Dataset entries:
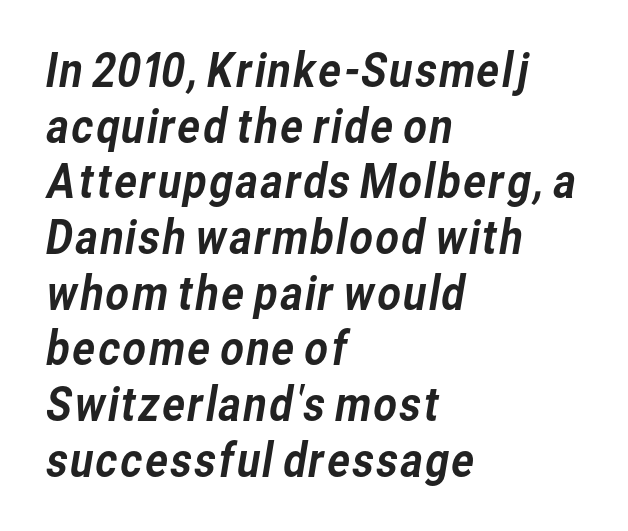
Q: Is the typeface a serif or a sans-serif typeface? A: Sans-serif.
Q: Is the text underlined? A: No.
Q: How is the paragraph aligned? A: Left-aligned.
Q: Is the spacing between letters normal or unusually wide? A: Normal.
Q: Width (condensed, normal, or wide)? A: Normal.
Q: Stroke contrast? A: Low.
Q: x-height? A: Medium.
Q: Monospaced? A: No.
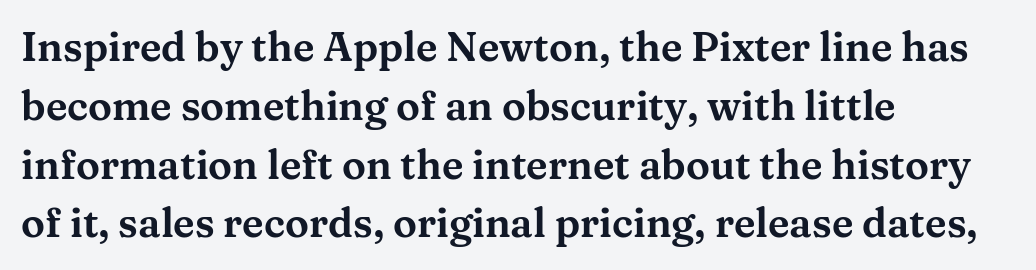
The image shows 40 px wide serif type, upright; set left-aligned, normal line spacing (1.47x), normal letter spacing, not underlined; medium stroke contrast and a medium x-height.
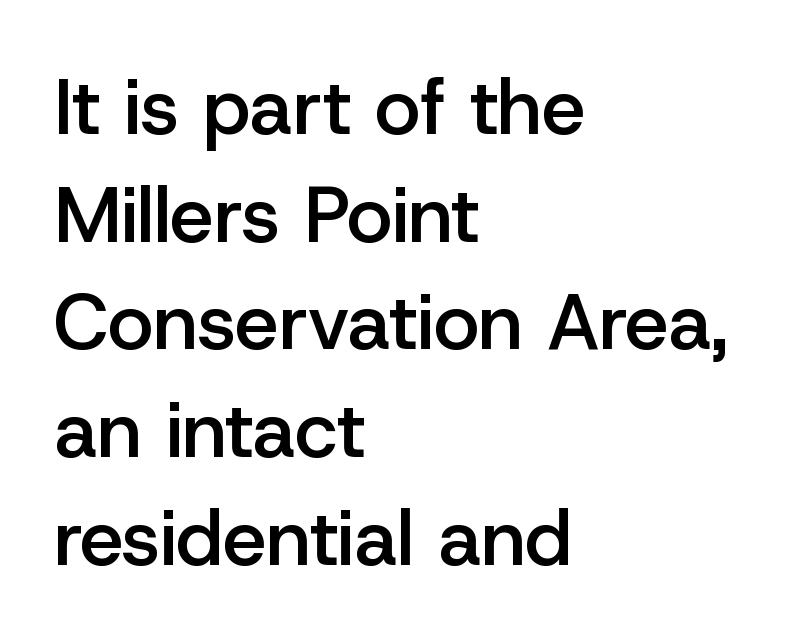
The image shows 78 px semibold sans-serif type, upright; set left-aligned, normal line spacing (1.38x), normal letter spacing, not underlined; low stroke contrast and a medium x-height.
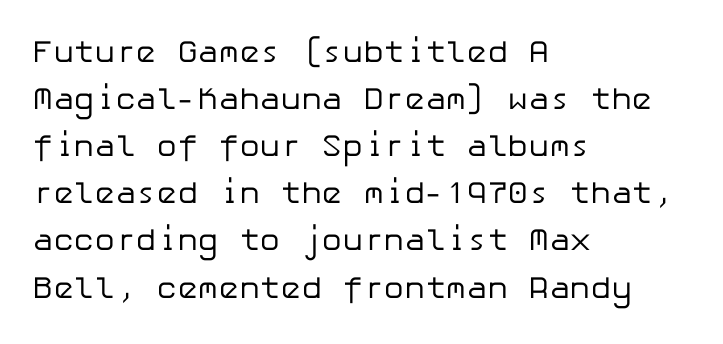
{"serif": "no", "italic": "no", "bold": "no", "weight": "regular", "width": "normal", "stroke_contrast": "low", "x_height": "medium", "underline": "no", "align": "left", "line_spacing": "normal", "line_spacing_ratio": 1.52, "letter_spacing": "normal", "letter_spacing_em": 0.0, "glyph_px": 31}
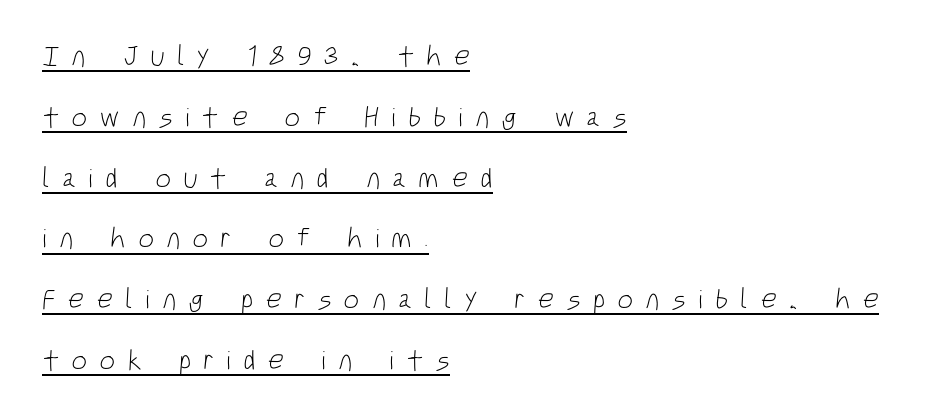
The image shows 28 px light, condensed sans-serif type; set left-aligned, loose line spacing (2.17x), unusually wide letter spacing (+0.44 em), underlined; low stroke contrast and a large x-height.
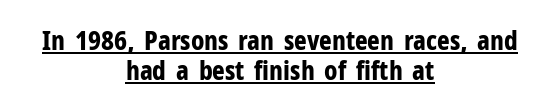
{"italic": "no", "bold": "yes", "underline": "yes", "align": "center", "line_spacing": "tight", "line_spacing_ratio": 1.12, "letter_spacing": "normal", "letter_spacing_em": 0.0, "glyph_px": 27}
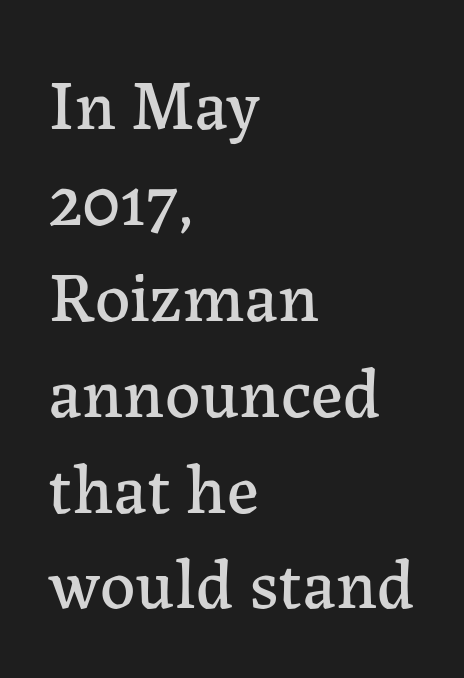
Italic? Not at all — the glyphs are vertical. Each letter keeps its own natural width here, so spacing adapts to shape. Short note: letters normally spaced. Observe the serifs anchoring each vertical stroke in this sample. The paragraph has a hard left edge and a soft right edge. Bare-footed words on every line.
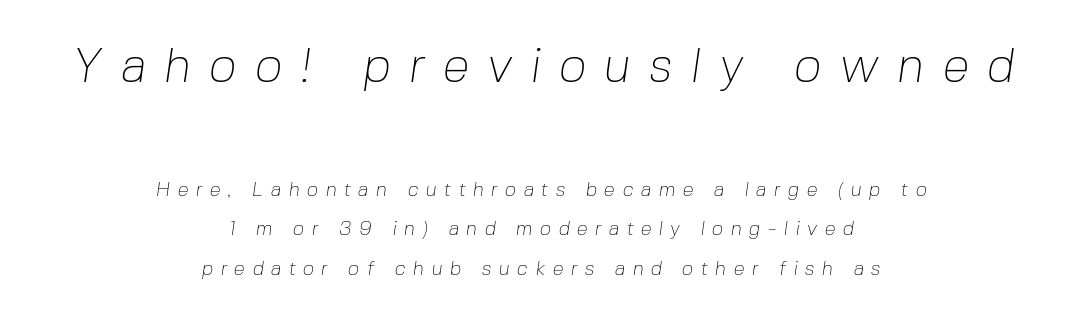
The image shows 49 px thin sans-serif type; set centered, loose line spacing (1.97x), unusually wide letter spacing (+0.36 em), not underlined; the first (top) block is 2.45x larger; low stroke contrast and a medium x-height.
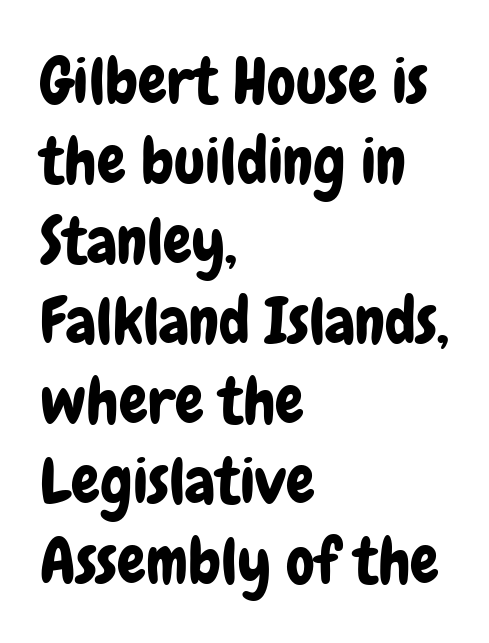
{"serif": "no", "italic": "no", "width": "condensed", "stroke_contrast": "low", "x_height": "medium", "monospaced": "no", "underline": "no", "align": "left", "line_spacing": "normal", "line_spacing_ratio": 1.25, "letter_spacing": "normal", "letter_spacing_em": 0.0, "glyph_px": 64}
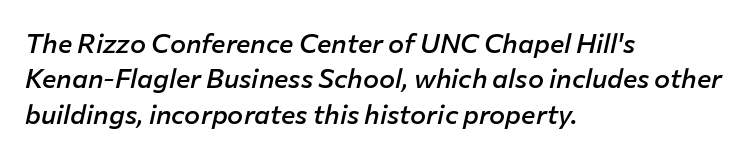
{"italic": "yes", "lean": "right", "slant_degrees": 12, "bold": "semi", "underline": "no", "align": "left", "line_spacing": "normal", "line_spacing_ratio": 1.31, "letter_spacing": "normal", "letter_spacing_em": 0.0, "glyph_px": 27}
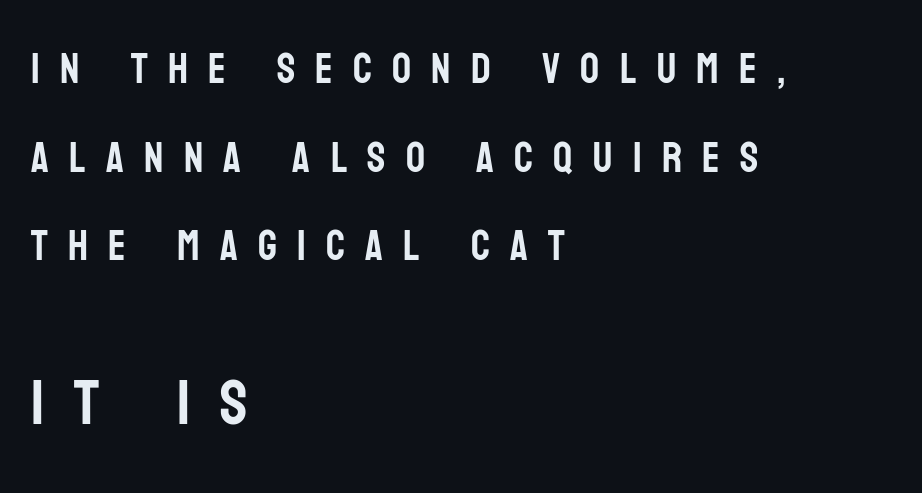
Varying glyph widths throughout — classic text-font behaviour. Is this a sans? Yes — the strokes have no serifs. Leftover space on each line is placed entirely after the last word. You could fit nearly another row in the gap between these rows. The composition opens small and finishes big.
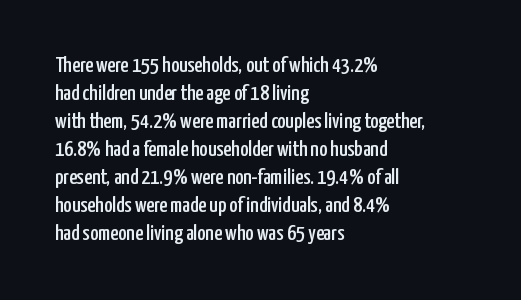
Q: Is the text italic (slanted)? A: No, it is upright.
Q: Is the text underlined? A: No.
Q: How is the paragraph aligned? A: Left-aligned.
Q: Is the spacing between letters normal or unusually wide? A: Normal.
Q: Is the spacing between lines tight, normal or loose? A: Normal.
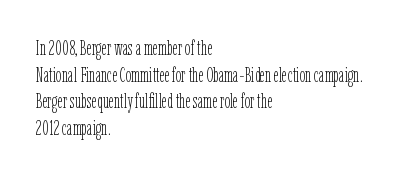
{"italic": "no", "bold": "no", "underline": "no", "align": "left", "line_spacing": "normal", "line_spacing_ratio": 1.33, "letter_spacing": "normal", "letter_spacing_em": 0.0, "glyph_px": 20}
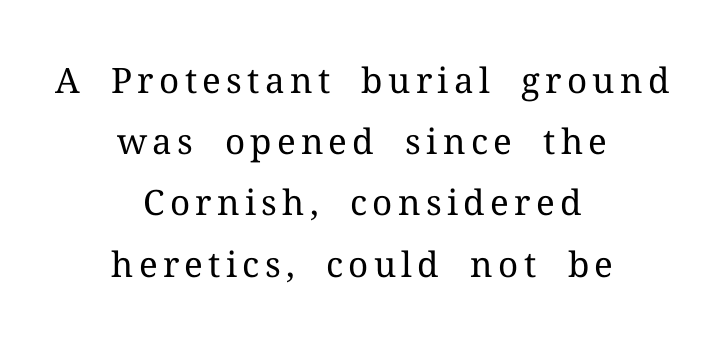
Does the copy run flush right? No — it is centered line by line. A typesetter would mark this as roman, not italic. The zone under the glyphs is completely vacant. You could not count columns in this text — the font is proportionally spaced.
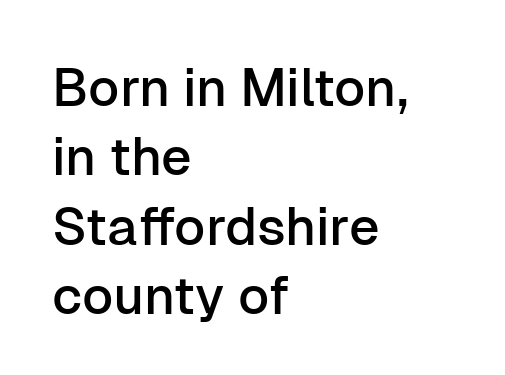
{"serif": "no", "italic": "no", "width": "normal", "stroke_contrast": "low", "x_height": "medium", "monospaced": "no", "underline": "no", "align": "left", "line_spacing": "normal", "line_spacing_ratio": 1.31, "letter_spacing": "normal", "letter_spacing_em": 0.0, "glyph_px": 53}

- **What you are asked to do**
Count of lines that include "tight" in the records above: write that value only.

- **Answer box**
2